[Exercise aim] Each line of the records that includes "rect" should be found and copied.

[Information given]
++++++++

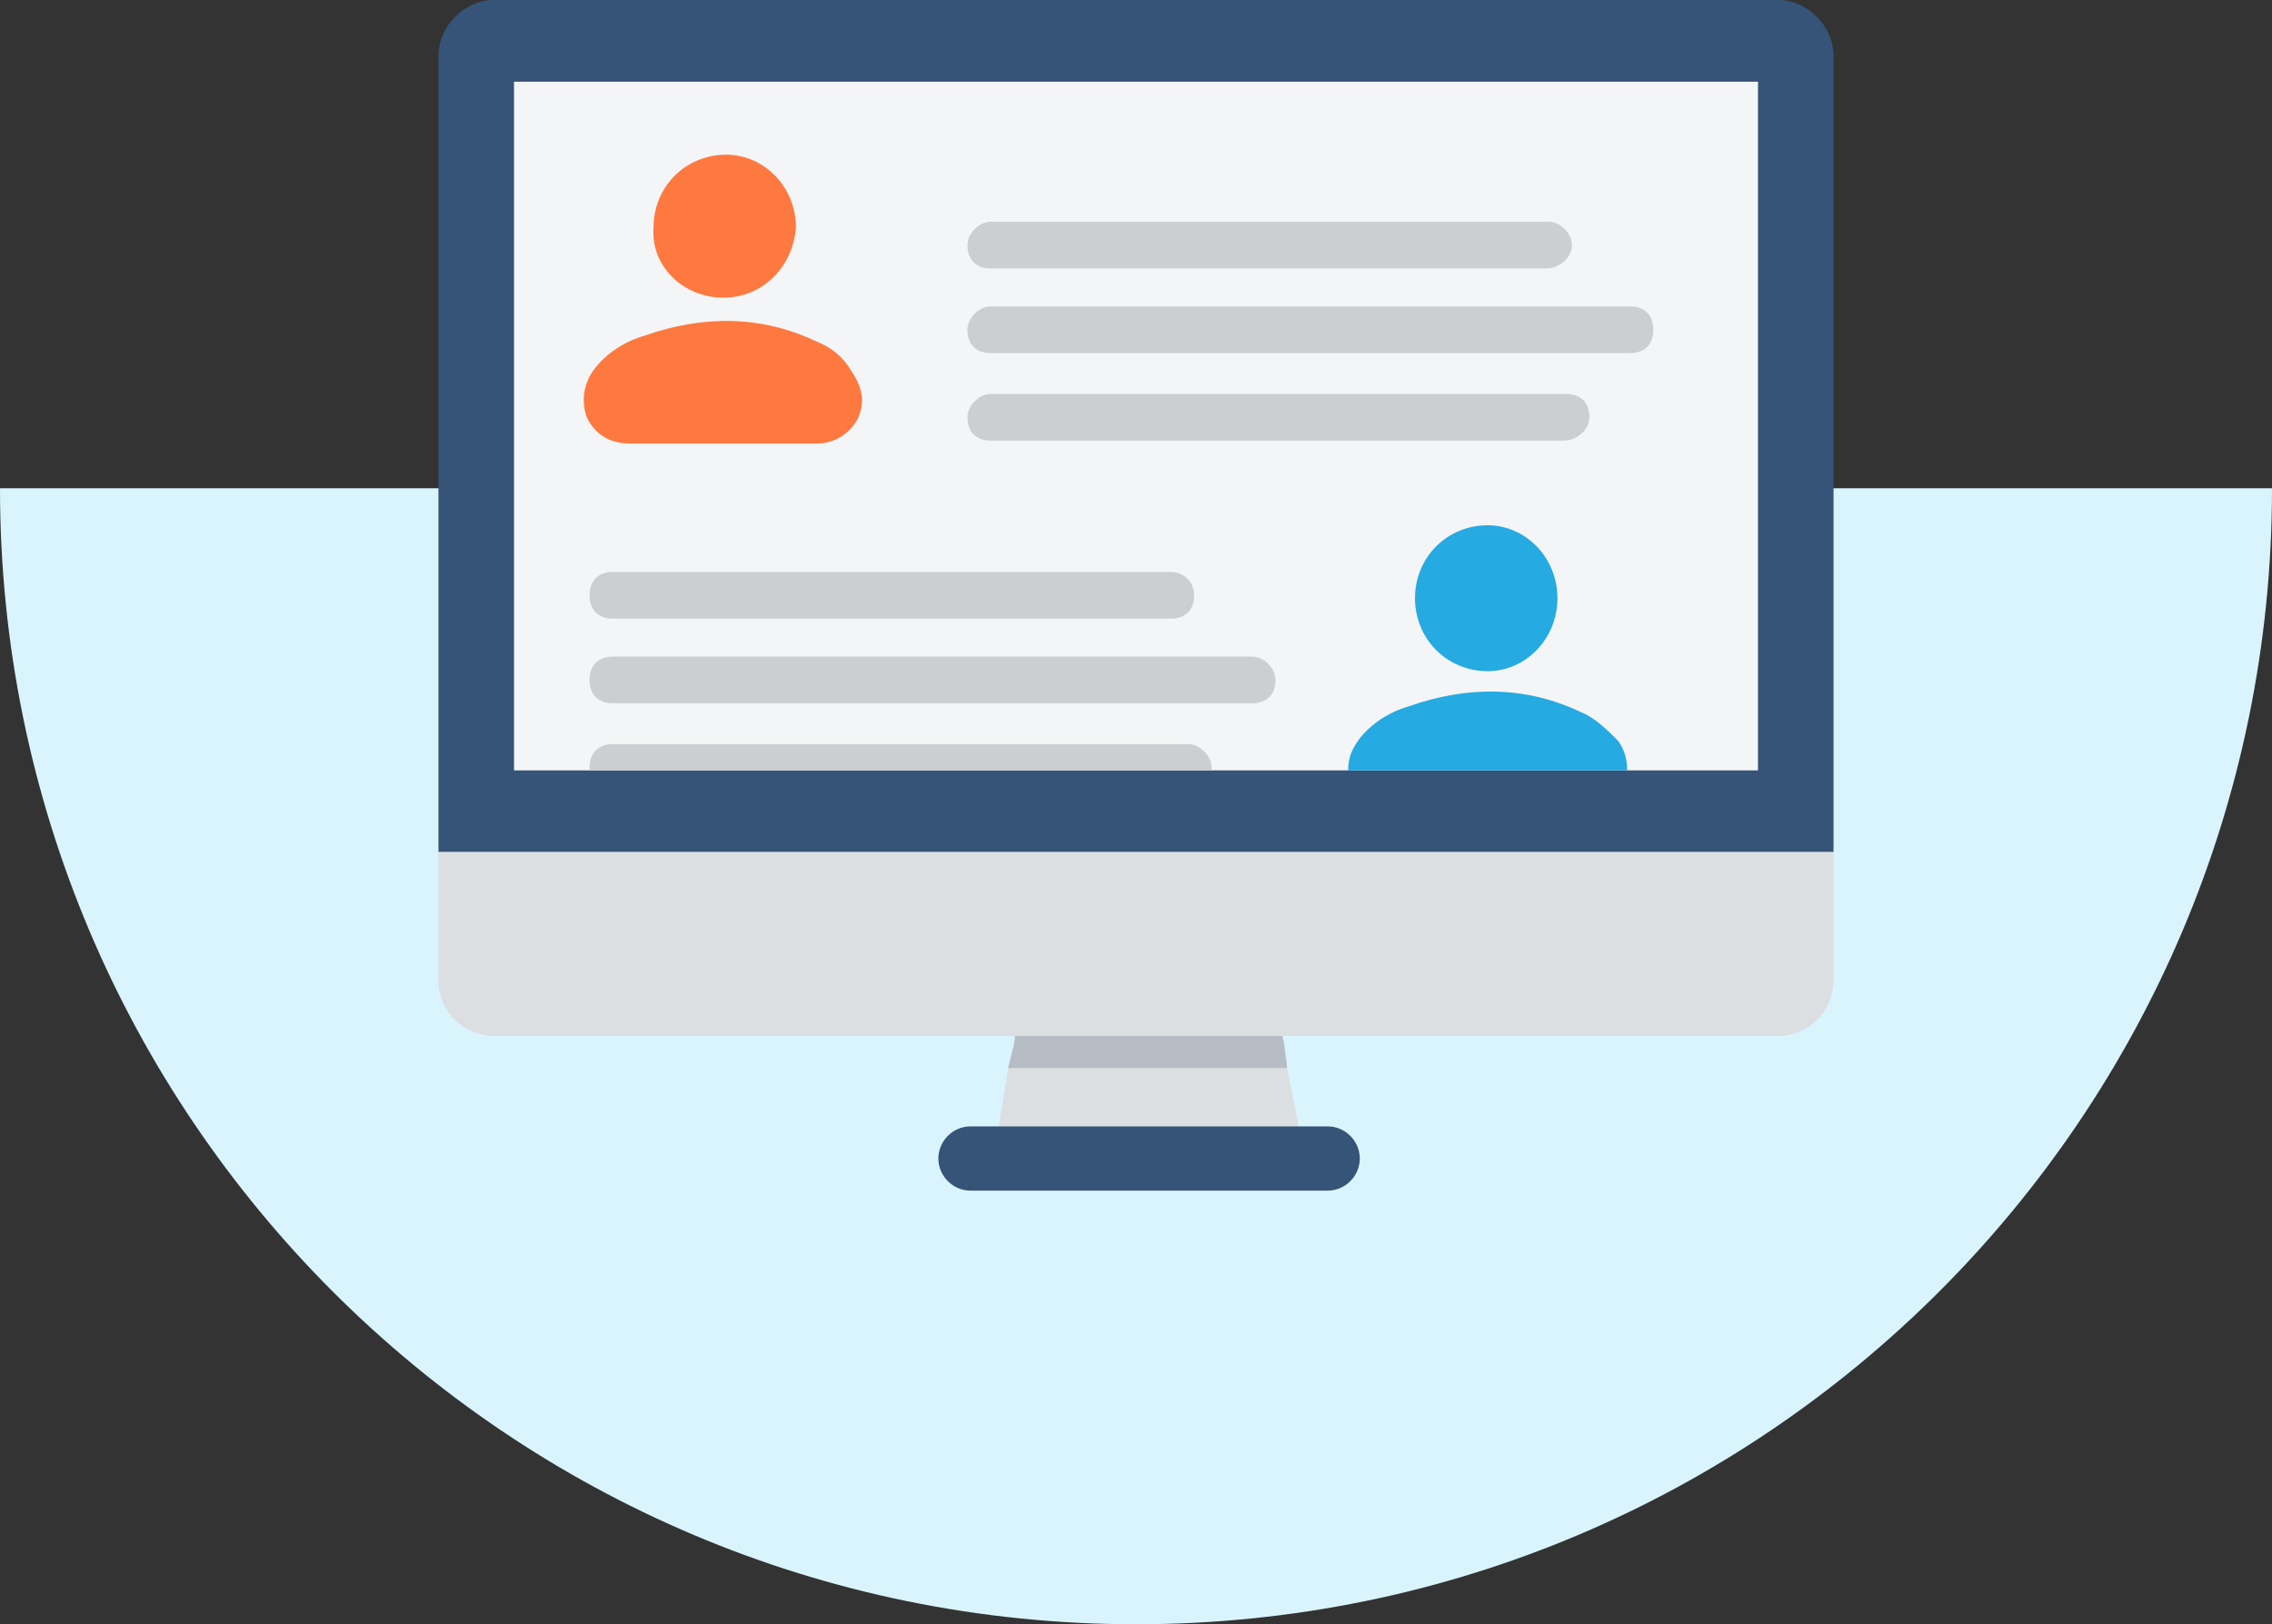 <svg width="228" height="163" viewBox="0 0 228 163" fill="none" xmlns="http://www.w3.org/2000/svg">
<rect x="0" y="0" width="228" height="163" fill="#333333" stroke="none"/>
<path d="M114 163C176.96 163 228 111.96 228 49L9.9662e-06 49C4.46202e-06 111.96 51.039 163 114 163Z" fill="#DAF4FD"/>
<g clip-path="url(#clip0)">
<path d="M184 5.564C184 2.636 181.375 0 178.458 0H49.542C46.625 0 44 2.636 44 5.564V85.512H184V5.564Z" fill="#365478"/>
<path d="M130.625 114.504H100L101.167 107.183L101.75 104.84L102.333 100.74H102.625L103.208 96.933H127.417L128 100.74L128.875 104.84L129.167 107.183L130.625 114.504Z" fill="#DCDFE2"/>
<path d="M133.25 119.483H97.375C95.625 119.483 94.166 118.018 94.166 116.261C94.166 114.504 95.625 113.04 97.375 113.04H133.25C135 113.04 136.458 114.504 136.458 116.261C136.458 118.018 135 119.483 133.25 119.483Z" fill="#365478"/>
<path d="M129.167 107.183H101.167L101.75 104.84L102.333 100.74H128L128.875 104.84L129.167 107.183Z" fill="#B6BDC4"/>
<path d="M44 85.512V98.398C44 101.619 46.625 103.962 49.542 103.962H178.458C181.667 103.962 184 101.326 184 98.398V85.512H44Z" fill="#DCDFE2"/>
<path d="M176.417 8.2H51.583V77.312H176.417V8.2Z" fill="#F4F5F6"/>
<path d="M155.125 26.942H99.417C97.958 26.942 97.083 26.064 97.083 24.599C97.083 23.428 98.25 22.256 99.417 22.256H155.417C156.583 22.256 157.75 23.428 157.75 24.599C157.75 25.771 156.583 26.942 155.125 26.942Z" fill="#CCCED1"/>
<path d="M163.583 35.435H99.417C97.958 35.435 97.083 34.556 97.083 33.092C97.083 31.921 98.25 30.749 99.417 30.749H163.583C165.042 30.749 165.917 31.628 165.917 33.092C165.917 34.556 165.042 35.435 163.583 35.435Z" fill="#CCCED1"/>
<path d="M156.875 44.22H99.417C97.958 44.22 97.083 43.342 97.083 41.877C97.083 40.706 98.25 39.535 99.417 39.535H157.167C158.625 39.535 159.5 40.413 159.5 41.877C159.5 43.049 158.333 44.22 156.875 44.22Z" fill="#CCCED1"/>
<path d="M81.917 34.263C76.375 31.628 70.542 31.628 64.708 33.678C62.667 34.263 60.917 35.435 59.75 36.899C58.583 38.363 58.292 40.12 58.875 41.877C59.75 43.635 61.208 44.513 63.25 44.513C66.167 44.513 69.375 44.513 72.292 44.513C75.5 44.513 78.708 44.513 81.917 44.513C83.667 44.513 85.125 43.635 86 42.17C86.875 40.413 86.583 38.949 85.417 37.192C84.542 35.728 83.375 34.849 81.917 34.263Z" fill="#FE7940"/>
<path d="M72.583 29.871C76.667 29.871 79.583 26.649 79.875 22.842C79.875 18.742 76.667 15.521 72.875 15.521C68.792 15.521 65.583 18.742 65.583 22.842C65.292 26.649 68.5 29.871 72.583 29.871Z" fill="#FE7940"/>
<path d="M61.5 62.084H117.5C118.958 62.084 119.833 61.206 119.833 59.741C119.833 58.277 118.667 57.399 117.5 57.399H61.5C60.041 57.399 59.166 58.277 59.166 59.741C59.166 61.206 60.041 62.084 61.5 62.084Z" fill="#CCCED1"/>
<path d="M61.5 70.577H125.667C127.125 70.577 128 69.698 128 68.234C128 67.063 126.833 65.891 125.667 65.891H61.5C60.041 65.891 59.166 66.77 59.166 68.234C59.166 69.698 60.041 70.577 61.5 70.577Z" fill="#CCCED1"/>
<path d="M121.583 77.02C121.583 75.848 120.417 74.677 119.25 74.677H61.5C60.041 74.677 59.166 75.555 59.166 77.02V77.312H121.583C121.583 77.312 121.583 77.312 121.583 77.02Z" fill="#CCCED1"/>
<path d="M158.625 71.455C153.083 68.82 147.25 68.82 141.417 70.87C139.375 71.455 137.625 72.627 136.458 74.091C135.583 75.262 135.292 76.141 135.292 77.312H163.291C163.291 76.141 163 75.262 162.416 74.384C161.25 73.213 160.083 72.041 158.625 71.455Z" fill="#25AAE1"/>
<path d="M156.291 60.034C156.291 55.934 153.083 52.713 149.291 52.713C145.208 52.713 142 55.934 142 60.034C142 64.134 145.208 67.356 149.291 67.356C153.083 67.356 156.291 64.134 156.291 60.034Z" fill="#25AAE1"/>
</g>
<defs>
<clipPath id="clip0">
<rect width="140" height="119.483" fill="white" transform="translate(44)"/>
</clipPath>
</defs>
</svg>

++++++++

[Response area]
<rect x="0" y="0" width="228" height="163" fill="#333333" stroke="none"/>
<rect width="140" height="119.483" fill="white" transform="translate(44)"/>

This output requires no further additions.